GIVEN RECORDS →
━━━━━━

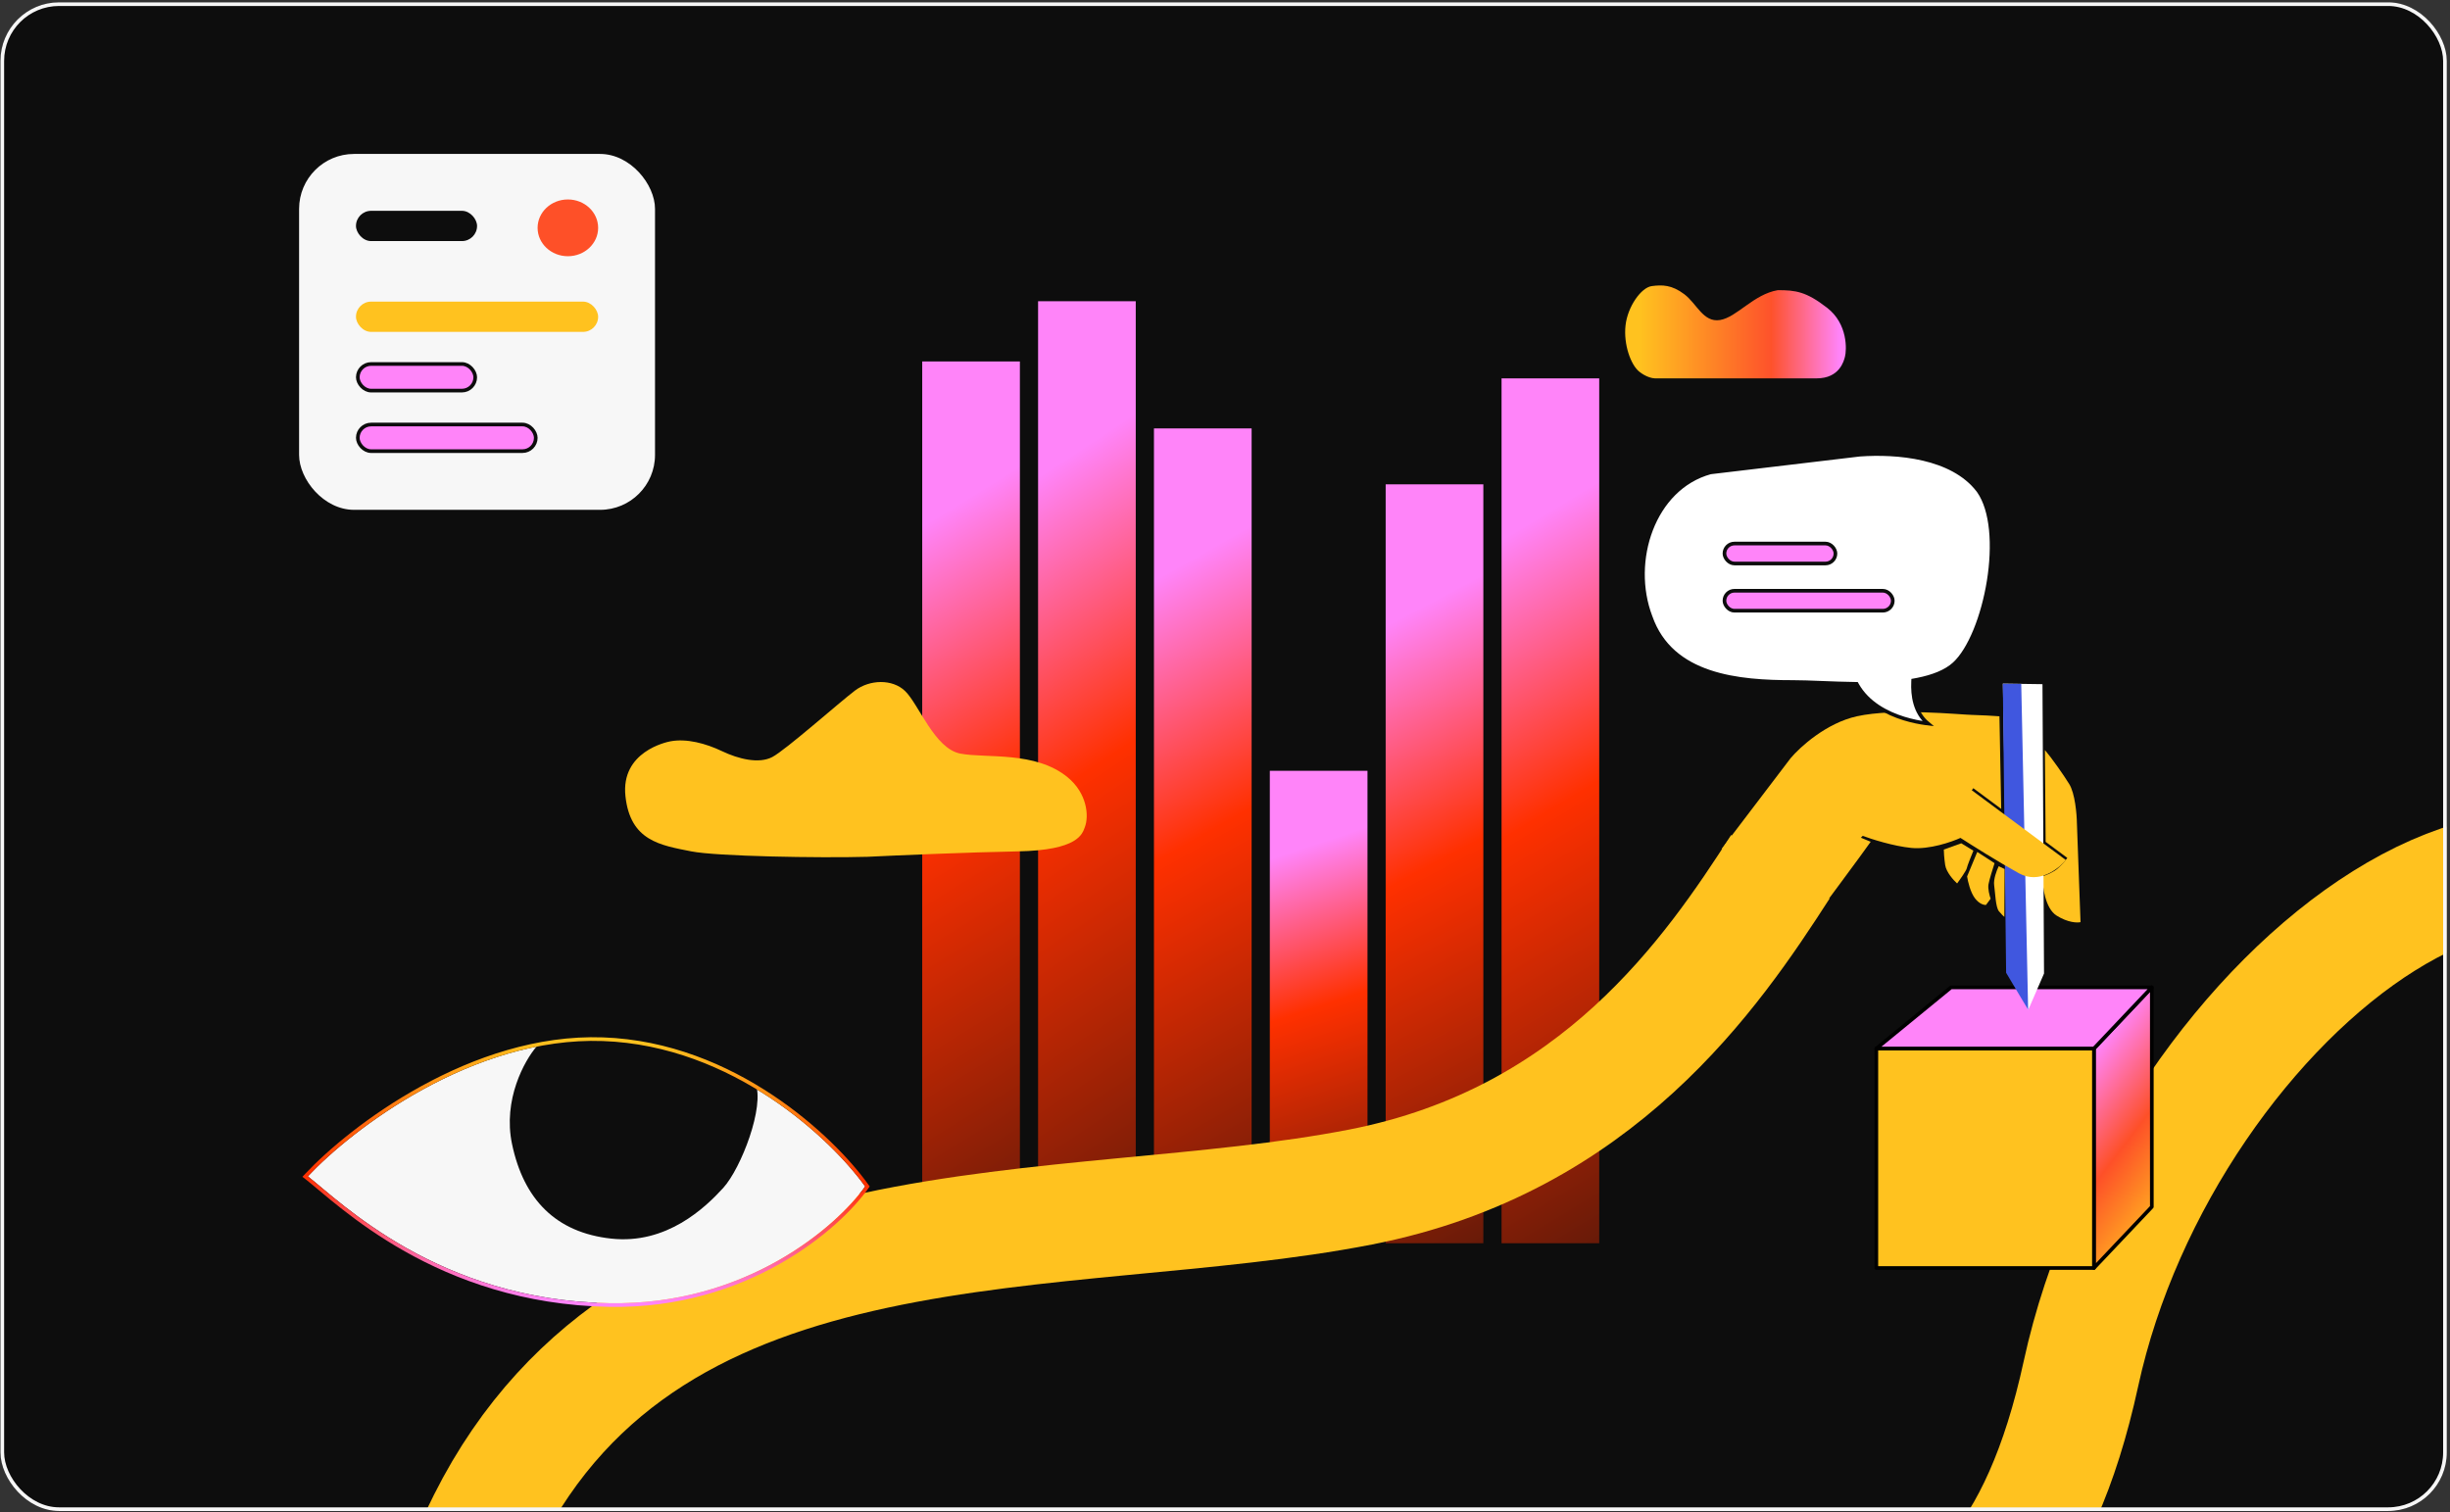 <svg width="669" height="413" viewBox="0 0 669 413" fill="none" xmlns="http://www.w3.org/2000/svg">
<rect x="0" y="0" width="669" height="413" fill="#333333" stroke="none"/>
<g clip-path="url(#clip0_56_9126)">
<rect x="0.126" y="0.633" width="668" height="412" rx="16" fill="#0D0D0D"/>
<path d="M251.823 98.714L251.822 339.517L278.492 339.517L278.492 98.714L251.823 98.714Z" fill="url(#paint0_linear_56_9126)"/>
<path d="M283.46 82.256L283.46 339.519L310.13 339.519L310.13 82.256L283.46 82.256Z" fill="url(#paint1_linear_56_9126)"/>
<path d="M315.099 117.002L315.099 339.517L341.769 339.517L341.769 117.002L315.099 117.002Z" fill="url(#paint2_linear_56_9126)"/>
<path d="M346.738 210.497L346.738 339.519L373.407 339.519L373.407 210.497L346.738 210.497Z" fill="url(#paint3_linear_56_9126)"/>
<path d="M378.375 132.262L378.374 339.518L405.044 339.518L405.044 132.262L378.375 132.262Z" fill="url(#paint4_linear_56_9126)"/>
<path d="M410.014 103.325L410.014 339.518L436.684 339.518L436.684 103.325L410.014 103.325Z" fill="url(#paint5_linear_56_9126)"/>
<path d="M451.896 103.326H486.876H496.051C502.358 103.326 503.505 98.51 503.792 97.398C504.245 95.64 504.652 88.503 498.918 84.058C493.183 79.612 490.316 79.24 485.442 79.24C478.848 80.351 474.26 86.652 469.673 87.393C465.085 88.134 463.365 82.945 459.925 80.351C456.484 77.757 453.904 77.757 451.036 78.128C448.169 78.498 444.442 83.686 443.869 88.874C443.295 94.062 445.302 99.62 447.596 101.473C449.431 102.955 451.227 103.326 451.896 103.326Z" fill="url(#paint6_linear_56_9126)"/>
<path d="M188.792 232.503C195.617 233.856 223.674 234.345 236.85 233.981C244.973 233.586 264.546 232.746 277.847 232.503C294.473 232.198 295.527 227.732 296.233 225.871C297.418 222.742 296.802 216.621 291.548 212.282C282.771 205.033 269.279 207.146 262.232 205.797C255.185 204.447 250.898 192.33 247.135 188.703C243.667 185.358 237.468 185.554 233.458 188.583C229.237 191.773 214.537 204.823 210.876 206.738C207.215 208.653 201.646 207.276 197.172 205.141C192.697 203.005 187.498 201.622 183.078 202.442C181.988 202.644 169.455 205.279 170.787 217.451C172.118 229.623 180.26 230.811 188.792 232.503Z" fill="#FFC21F"/>
<rect x="81.172" y="41.54" width="98.188" height="98.188" rx="15.5" fill="#F7F7F7" stroke="#0D0D0D"/>
<rect x="97.204" y="57.572" width="33.063" height="8.266" rx="4.133" fill="#0D0D0D"/>
<rect x="97.204" y="82.368" width="66.125" height="8.266" rx="4.133" fill="#FFC21F"/>
<rect x="97.704" y="99.399" width="32.063" height="7.266" rx="3.633" fill="#FF84F9" stroke="#0D0D0D"/>
<rect x="97.704" y="115.932" width="48.594" height="7.266" rx="3.633" fill="#FF84F9" stroke="#0D0D0D"/>
<g clip-path="url(#clip1_56_9126)">
<path d="M155.063 69.97C159.628 69.97 163.329 66.5 163.329 62.221C163.329 57.941 159.628 54.472 155.063 54.472C150.498 54.472 146.797 57.941 146.797 62.221C146.797 66.5 150.498 69.97 155.063 69.97Z" fill="#FE5028"/>
</g>
<mask id="mask0_56_9126" style="mask-type:alpha" maskUnits="userSpaceOnUse" x="0" y="0" width="669" height="413">
<rect x="0.126" y="0.633" width="668" height="412" rx="16" fill="#0D0D0D"/>
</mask>
<g mask="url(#mask0_56_9126)">
<path d="M486.144 236.72C467.502 265.638 436.387 311.491 371.569 324.154C290.546 339.982 178.627 324.126 132.799 415.389C86.97 506.652 154.307 547.186 194.503 555.403C234.699 563.619 293.046 547.944 340.056 487.84C387.065 427.735 365.647 422.254 422.627 437.633C479.607 453.013 545.627 479.133 568.229 375.133C590.832 271.133 706.867 180.504 746.627 281.633C786.387 382.762 648.108 617.009 568.229 658.499" stroke="#FFC21F" stroke-width="32"/>
</g>
<path d="M571.769 286.328L587.58 269.635V329.576L571.769 346.269V286.328Z" fill="url(#paint7_linear_56_9126)" stroke="black" stroke-linejoin="round"/>
<path d="M571.77 286.33H512.356V346.271H571.77V286.33Z" fill="#FFC21F" stroke="black" stroke-linejoin="round"/>
<path d="M512.356 286.328H571.781L587.581 269.635H532.743L512.356 286.328Z" fill="#FF84F9" stroke="black" stroke-linejoin="round"/>
<path d="M544.528 241.763C544.295 240.191 545.186 237.733 545.765 236.559L547.384 237.323L547.313 250.388C547.125 250.249 546.565 249.746 545.83 248.851C544.911 247.732 544.819 243.728 544.528 241.763Z" fill="#FFC21F"/>
<path d="M537.139 239.344L539.913 232.657L544.636 235.722C544.175 237.13 543.199 240.253 542.981 241.491C542.763 242.728 543.279 244.627 543.564 245.421L542.308 247.114C541.817 247.186 540.523 246.926 539.278 245.304C538.034 243.681 537.334 240.655 537.139 239.344Z" fill="#FFC21F"/>
<path d="M558.583 229.889L558.379 204.814C560.099 206.818 563.444 211.544 565.031 214.121C566.618 216.697 567.088 222.351 567.125 224.856L568.112 251.823C567.223 252.039 564.671 251.982 561.57 250.032C558.469 248.082 557.711 242.068 557.72 239.305C558.281 239.139 559.725 238.606 561.013 237.813C562.301 237.019 563.878 235.129 564.506 234.282L558.583 229.889Z" fill="#FFC21F"/>
<path d="M535.546 230.292L530.779 232.003C530.782 232.588 530.861 234.25 531.153 236.216C531.444 238.181 533.446 240.394 534.41 241.256C535.247 240.127 536.948 237.716 537.057 237.097C537.167 236.479 538.303 233.649 538.858 232.311L535.546 230.292Z" fill="#FFC21F"/>
<path d="M546.904 186.683L557.722 186.836L558.143 265.854L553.84 275.781L548.307 265.555L546.904 186.683Z" fill="white"/>
<path d="M553.803 275.747L551.923 186.743L546.899 186.74L547.794 265.649L553.803 275.747Z" fill="#4057DF"/>
<path d="M564.088 234.847L538.419 215.808L538.837 215.244L546.453 220.892L545.968 195.609C544.445 195.5 540.796 195.271 538.38 195.227C535.359 195.173 517.508 193.302 507.054 195.605C498.692 197.448 491.483 204.023 488.923 207.081L470.115 231.81C478.429 237.893 495.52 250.653 495.52 250.653C495.52 250.653 509.124 232.351 510.814 229.876L508.139 228.766L508.633 228.258C511.026 229.159 517.035 231.079 521.926 231.559C526.817 232.039 532.898 229.932 535.327 228.819C538.382 230.792 545.857 235.492 551.323 238.497C556.79 241.502 562.111 237.315 564.088 234.847Z" fill="#FFC21F"/>
<path d="M164.618 284.292C129.068 283.044 96.101 308.409 84.06 321.248C92.978 328.19 119.622 355.039 166.333 355.887C203.701 356.565 228.513 334.919 236.247 324.011C227.183 311.291 200.167 285.54 164.618 284.292Z" fill="#F7F7F7"/>
<path d="M139.814 312.413C137.278 300.311 143.213 289.642 146.498 285.82L148.614 283.119L162.414 281.999L171.356 282.847L181.662 284.404L191.932 288.015L206.259 295.81C208.903 302.022 202.393 319.028 197.472 324.419C192.551 329.809 182.033 339.893 166.905 338.248C151.777 336.604 142.985 327.54 139.814 312.413Z" fill="#0D0D0D"/>
<path d="M115.282 297.05C129.519 289.234 146.74 283.165 164.635 283.793C182.527 284.421 198.257 291.214 210.641 299.433C223.023 307.651 232.087 317.311 236.654 323.721L236.861 324.01L236.655 324.3C228.846 335.313 203.891 357.069 166.324 356.387C119.415 355.536 92.635 328.556 83.753 321.642L83.321 321.305L83.695 320.906C89.75 314.45 101.044 304.866 115.282 297.05Z" stroke="url(#paint8_linear_56_9126)"/>
<g clip-path="url(#clip2_56_9126)">
<path d="M525.126 125.303C519.188 123.924 512.875 123.801 507.813 124.162L467.067 129.004C459.264 131.143 453.737 137.183 450.872 144.611C448.001 152.054 447.823 160.844 450.689 168.367L450.695 168.381C453.54 176.567 459.584 181.027 466.764 183.449C473.963 185.879 482.268 186.246 489.546 186.246C491.77 186.246 494.444 186.35 497.361 186.465C500.283 186.579 503.455 186.704 506.691 186.746L506.979 186.75L507.12 187C510.005 192.084 515.268 194.785 519.882 196.213C522.181 196.924 524.299 197.313 525.842 197.523C526.056 197.553 526.26 197.578 526.451 197.601C522.841 194.622 522.216 189.891 522.391 186.221L522.409 185.823L522.802 185.753L523.642 185.594C527.796 184.766 531.305 183.414 533.636 181.283C535.742 179.354 537.711 176.111 539.349 172.114C540.982 168.128 542.271 163.434 543.039 158.646C543.808 153.856 544.054 148.987 543.616 144.649C543.191 140.439 542.125 136.773 540.306 134.159L540.127 133.909C536.585 129.31 531.071 126.683 525.126 125.303Z" fill="white" stroke="#0D0D0D"/>
<rect x="470.884" y="148.435" width="30.306" height="5.447" rx="2.723" fill="#FF84F9" stroke="#0D0D0D"/>
<rect x="470.884" y="161.328" width="45.958" height="5.447" rx="2.723" fill="#FF84F9" stroke="#0D0D0D"/>
</g>
</g>
<rect x="0.626" y="1.133" width="667" height="411" rx="15.5" stroke="#F7F7F7"/>
<defs>
<linearGradient id="paint0_linear_56_9126" x1="264.354" y1="425.159" x2="135.249" y2="215.406" gradientUnits="userSpaceOnUse">
<stop stop-color="#0D0D0D"/>
<stop offset="0.711" stop-color="#FF3000"/>
<stop offset="1" stop-color="#FF84F9"/>
</linearGradient>
<linearGradient id="paint1_linear_56_9126" x1="295.992" y1="431.014" x2="154.144" y2="215.303" gradientUnits="userSpaceOnUse">
<stop stop-color="#0D0D0D"/>
<stop offset="0.711" stop-color="#FF3000"/>
<stop offset="1" stop-color="#FF84F9"/>
</linearGradient>
<linearGradient id="paint2_linear_56_9126" x1="327.631" y1="418.654" x2="212.78" y2="216.724" gradientUnits="userSpaceOnUse">
<stop stop-color="#0D0D0D"/>
<stop offset="0.711" stop-color="#FF3000"/>
<stop offset="1" stop-color="#FF84F9"/>
</linearGradient>
<linearGradient id="paint3_linear_56_9126" x1="359.269" y1="385.405" x2="313.177" y2="245.643" gradientUnits="userSpaceOnUse">
<stop stop-color="#0D0D0D"/>
<stop offset="0.711" stop-color="#FF3000"/>
<stop offset="1" stop-color="#FF84F9"/>
</linearGradient>
<linearGradient id="paint4_linear_56_9126" x1="390.906" y1="413.229" x2="287.933" y2="218.853" gradientUnits="userSpaceOnUse">
<stop stop-color="#0D0D0D"/>
<stop offset="0.711" stop-color="#FF3000"/>
<stop offset="1" stop-color="#FF84F9"/>
</linearGradient>
<linearGradient id="paint5_linear_56_9126" x1="422.546" y1="423.519" x2="297.029" y2="215.616" gradientUnits="userSpaceOnUse">
<stop stop-color="#0D0D0D"/>
<stop offset="0.711" stop-color="#FF3000"/>
<stop offset="1" stop-color="#FF84F9"/>
</linearGradient>
<linearGradient id="paint6_linear_56_9126" x1="504.029" y1="90.639" x2="443.77" y2="90.639" gradientUnits="userSpaceOnUse">
<stop offset="0.028" stop-color="#FF84F9"/>
<stop offset="0.337" stop-color="#FE522B"/>
<stop offset="0.933" stop-color="#FFC21F"/>
</linearGradient>
<linearGradient id="paint7_linear_56_9126" x1="571.769" y1="287.296" x2="609.823" y2="316.422" gradientUnits="userSpaceOnUse">
<stop stop-color="#FF84F9"/>
<stop offset="0.46" stop-color="#FE5028"/>
<stop offset="0.94" stop-color="#FFC21F"/>
</linearGradient>
<linearGradient id="paint8_linear_56_9126" x1="160.851" y1="284.213" x2="159.552" y2="355.764" gradientUnits="userSpaceOnUse">
<stop stop-color="#FFC21F"/>
<stop offset="0.529" stop-color="#FF3000"/>
<stop offset="1" stop-color="#FF84F9"/>
</linearGradient>
<clipPath id="clip0_56_9126">
<rect x="0.126" y="0.633" width="668" height="412" rx="16" fill="white"/>
</clipPath>
<clipPath id="clip1_56_9126">
<rect width="16.531" height="15.498" fill="white" transform="translate(146.797 54.472)"/>
</clipPath>
<clipPath id="clip2_56_9126">
<rect width="112" height="87" fill="white" transform="matrix(-1 0 0 1 560.127 123.488)"/>
</clipPath>
</defs>
</svg>

━━━━━━

Filter the records above down to the lines containing "transform".

<rect width="16.531" height="15.498" fill="white" transform="translate(146.797 54.472)"/>
<rect width="112" height="87" fill="white" transform="matrix(-1 0 0 1 560.127 123.488)"/>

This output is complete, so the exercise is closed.